Implementation Permissions
17/3The categories defined above, as well as case mapping and folding, may be based on an implementation-defined version of ISO/IEC 10646 (2003 edition or later).
The exact categories, case mapping, and case folding chosen affects identifiers, the result of '[[Wide_]Wide_]Image, and packages Wide_Characters.Handling and Wide_Wide_Characters.Handling.
This permission allows implementations to upgrade to using a newer character set standard whenever that makes sense, rather than having to wait for the next Ada Standard. But the character set standard used cannot be older than ISO/IEC 10646:2003 (which is essentially similar to Unicode 4.0).
NOTE The characters in categories other_control, other_private_use, and other_surrogate are only allowed in comments.
Extensions to Ada 83
Ada 95 allows 8-bit and 16-bit characters, as well as implementation-specified character sets.
Wording Changes from Ada 83
The syntax rules in this subclause are modified to remove the emphasis on basic characters vs. others. (In this day and age, there is no need to point out that you can write programs without using (for example) lower case letters.) In particular, character (representing all characters usable outside comments) is added, and basic_graphic_character, other_special_character, and basic_character are removed. Special_character is expanded to include Ada 83's other_special_character, as well as new 8-bit characters not present in Ada 83. Ada 2005 removes special_character altogether; we want to stick to ISO/IEC 10646:2003 character classifications. Note that the term “basic letter” is used in A.3, “Character Handling” to refer to letters without diacritical marks.
Extensions to Ada 95
Program text can use most characters defined by ISO-10646:2003. This subclause has been rewritten to use the categories defined in that Standard. This should ease programming in languages other than English.

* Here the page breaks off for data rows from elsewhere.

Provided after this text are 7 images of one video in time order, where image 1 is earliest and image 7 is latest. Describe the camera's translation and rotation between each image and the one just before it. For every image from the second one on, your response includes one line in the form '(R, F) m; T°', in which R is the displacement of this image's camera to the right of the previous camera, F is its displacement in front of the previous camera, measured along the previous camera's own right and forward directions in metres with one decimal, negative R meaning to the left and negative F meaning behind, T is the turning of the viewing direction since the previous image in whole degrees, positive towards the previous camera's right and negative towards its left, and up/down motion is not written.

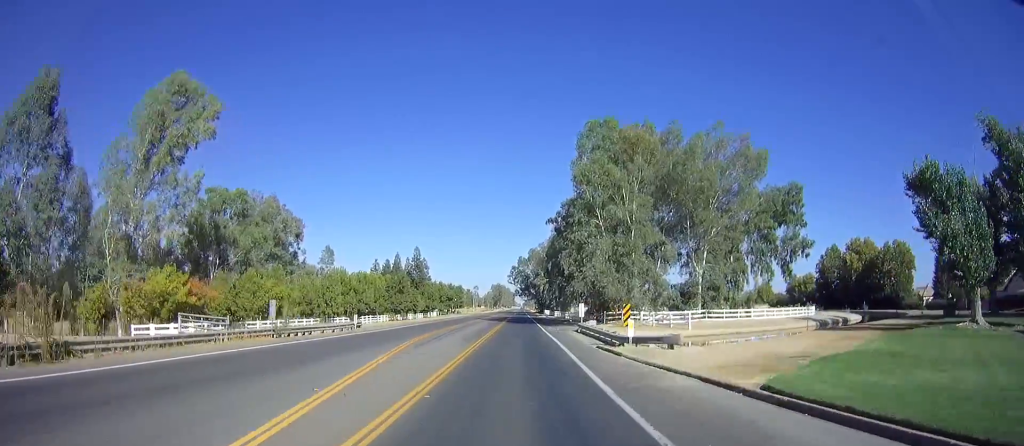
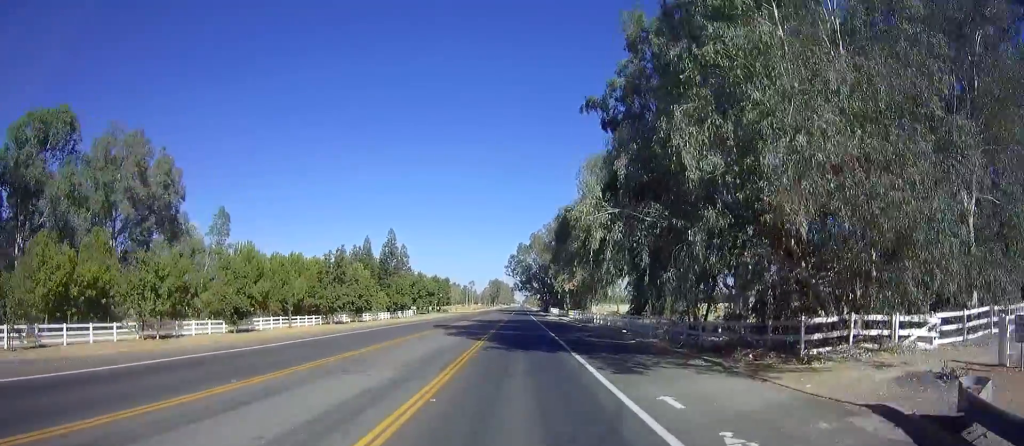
(0.0, +36.2) m; 0°
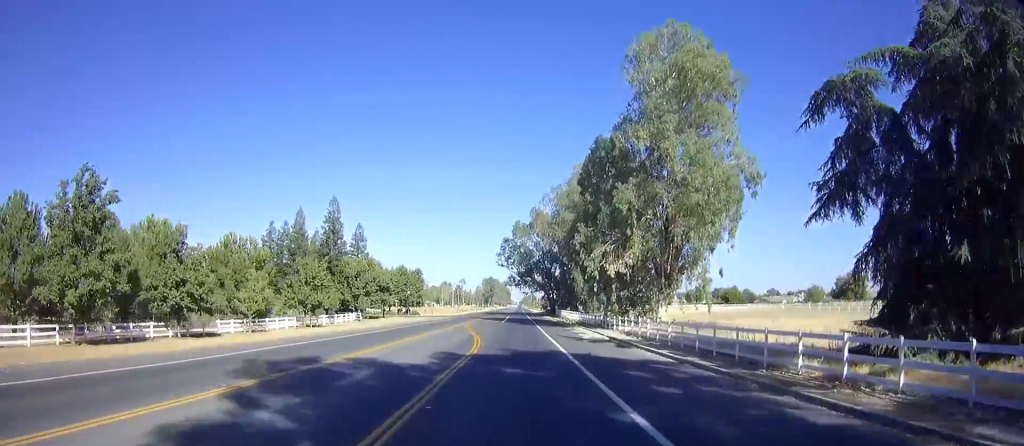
(0.0, +44.0) m; 0°
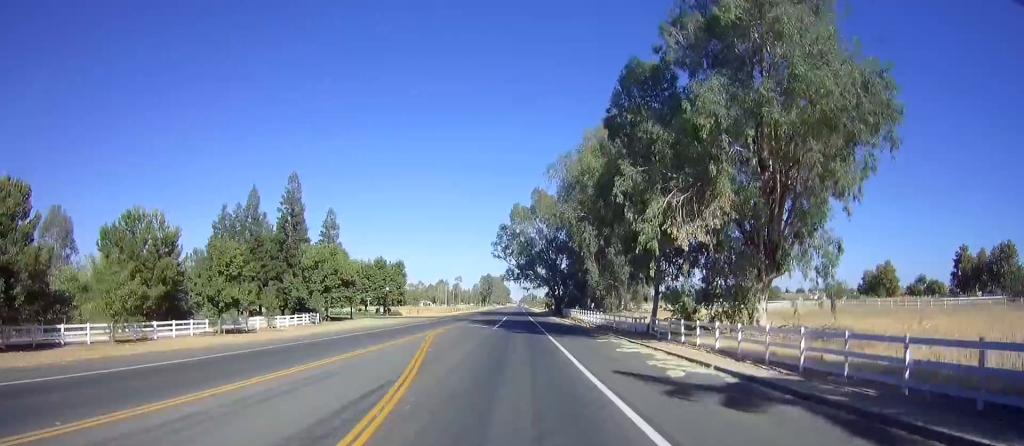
(0.0, +18.8) m; 0°
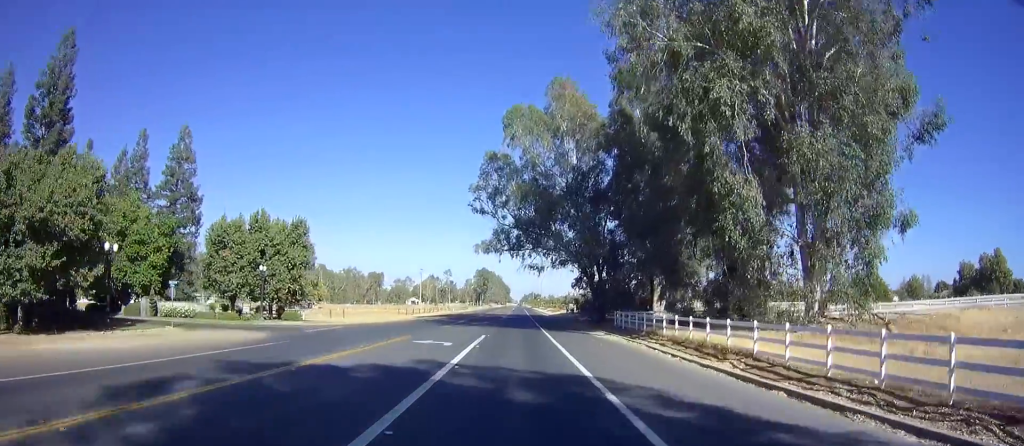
(0.0, +50.8) m; 0°
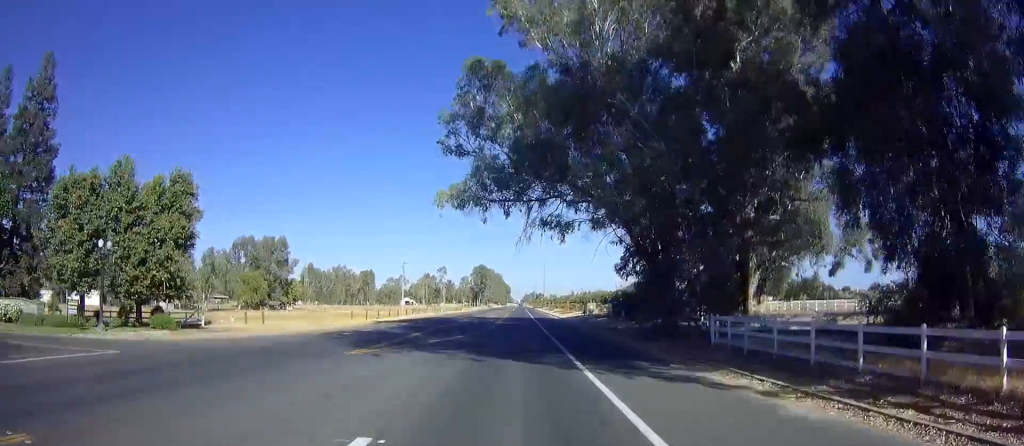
(0.0, +22.7) m; 0°
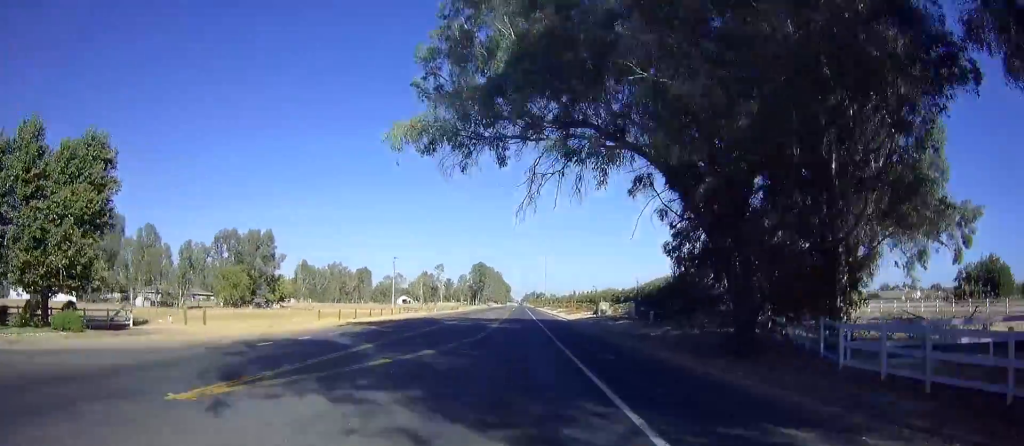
(0.0, +9.6) m; 0°
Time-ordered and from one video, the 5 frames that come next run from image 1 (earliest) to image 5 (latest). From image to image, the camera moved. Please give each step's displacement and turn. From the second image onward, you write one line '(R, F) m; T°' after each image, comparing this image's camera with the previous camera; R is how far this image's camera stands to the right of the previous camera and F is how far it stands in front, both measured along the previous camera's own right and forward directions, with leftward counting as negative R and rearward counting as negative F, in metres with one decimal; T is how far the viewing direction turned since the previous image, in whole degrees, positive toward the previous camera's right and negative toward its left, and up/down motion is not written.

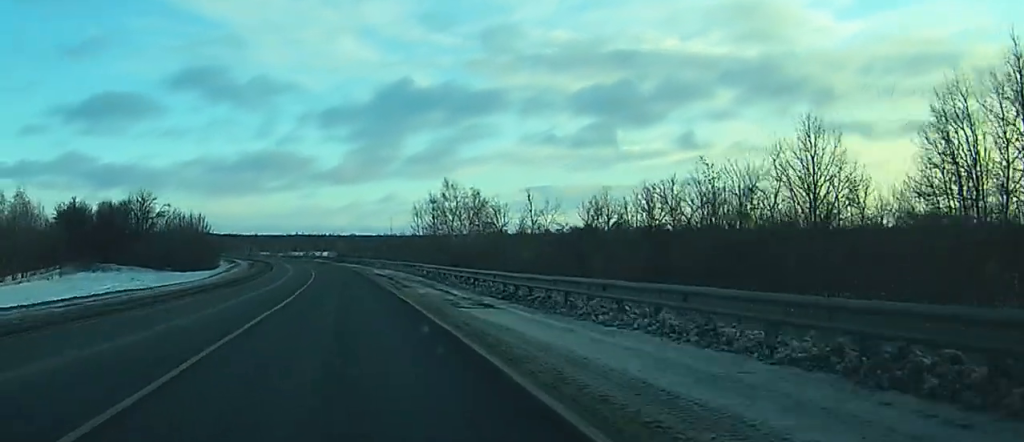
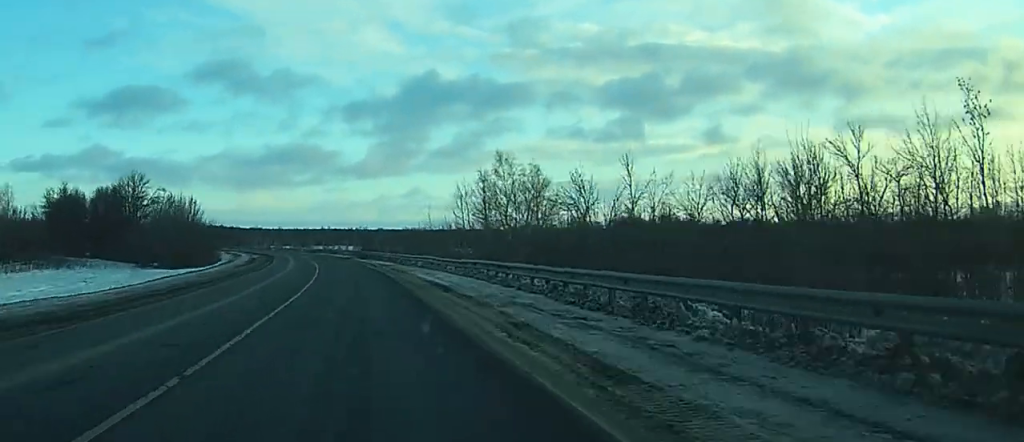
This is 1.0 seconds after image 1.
(-0.4, +26.8) m; -2°
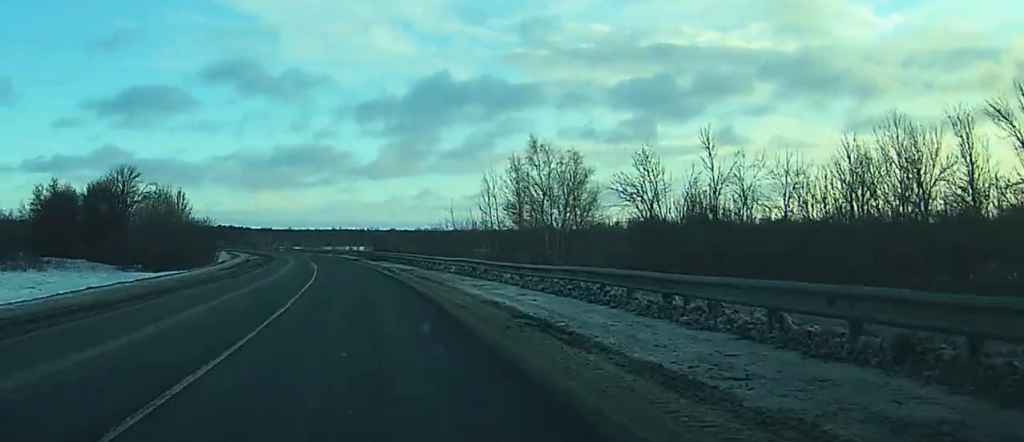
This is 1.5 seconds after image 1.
(-0.1, +14.2) m; -1°
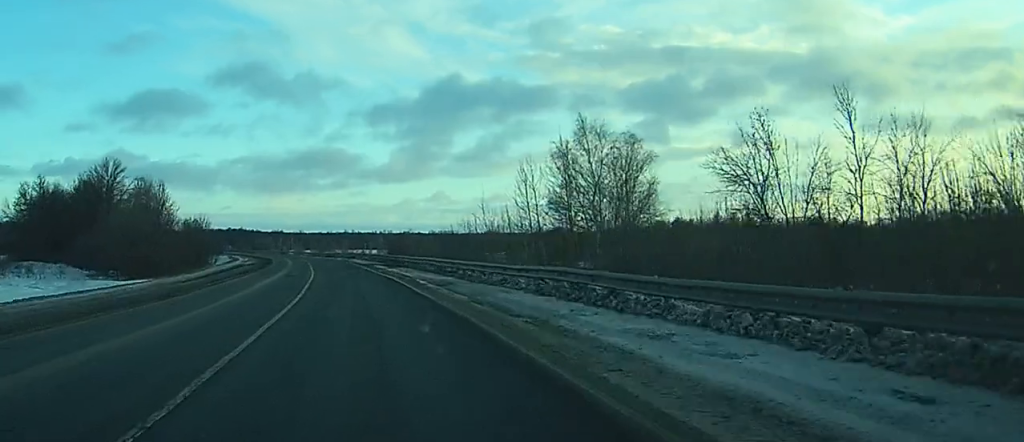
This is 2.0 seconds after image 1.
(-0.1, +15.4) m; -1°
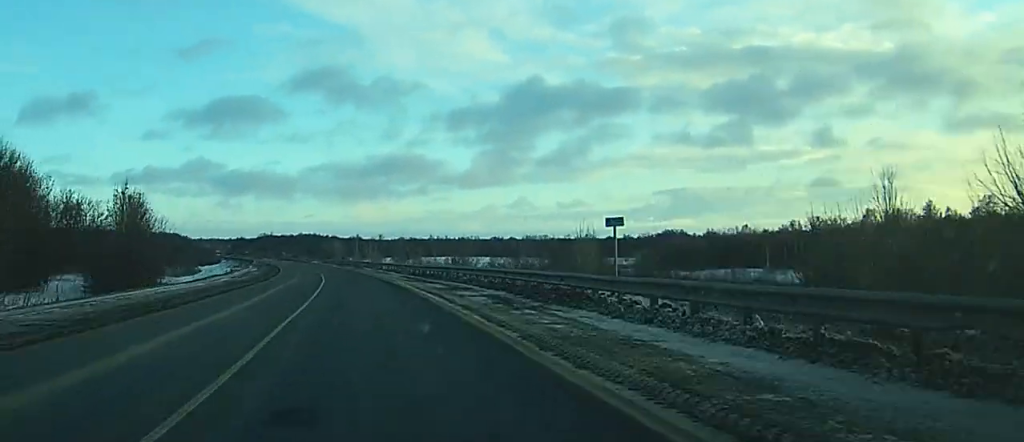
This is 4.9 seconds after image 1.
(-4.0, +84.9) m; -6°

Inconsistencies With Ada 2005
An implementation is allowed (but not required) to use a newer character set standard to determine the categories, case mapping, and case folding. Doing so will change the results of attributes '[[Wide_]Wide_]Image and the packages [Wide_]Wide_Characters.Handling in the case of a few rarely used characters. (This also could make some identifiers illegal, for characters that are no longer classified as letters.) This is unlikely to be a problem in practice. Moreover, truly portable Ada 2012 programs should avoid using in these contexts any characters that would have different classifications in any character set standards issued since 10646:2003 (since the compiler can use any such standard as the basis for its classifications).
Wording Changes from Ada 2005
Clarified that only characters in the categories defined here are allowed in the source of an Ada program. This was clear in Ada 95, but Amendment 1 dropped the wording instead of correcting it.
A standard source representation is defined that all compilers are expected to process. Since this is the same format as the ACATS, it seems unlikely that there are any implementations that don't meet this requirement. Moreover, other representations are still permitted, and the "impossible or impractical" loophole (see 1.1.3) can be invoked for any implementations that cannot directly process the ACATS.
Wording Changes from Ada 2012
The interpretation of Ada source that is in Normalization Form C but not in Normalization Form KC is no longer implementation-defined. This change could potentially change the meaning of a program for a compiler that normalized all program source to Normalization Form KC before processing it. We don't document this as an inconsistency as such handling was previously implementation defined (so any such code was already defined to be not portable), and we're not aware of any compiler that normalized source code (so we don't expect to see this problem in the real world).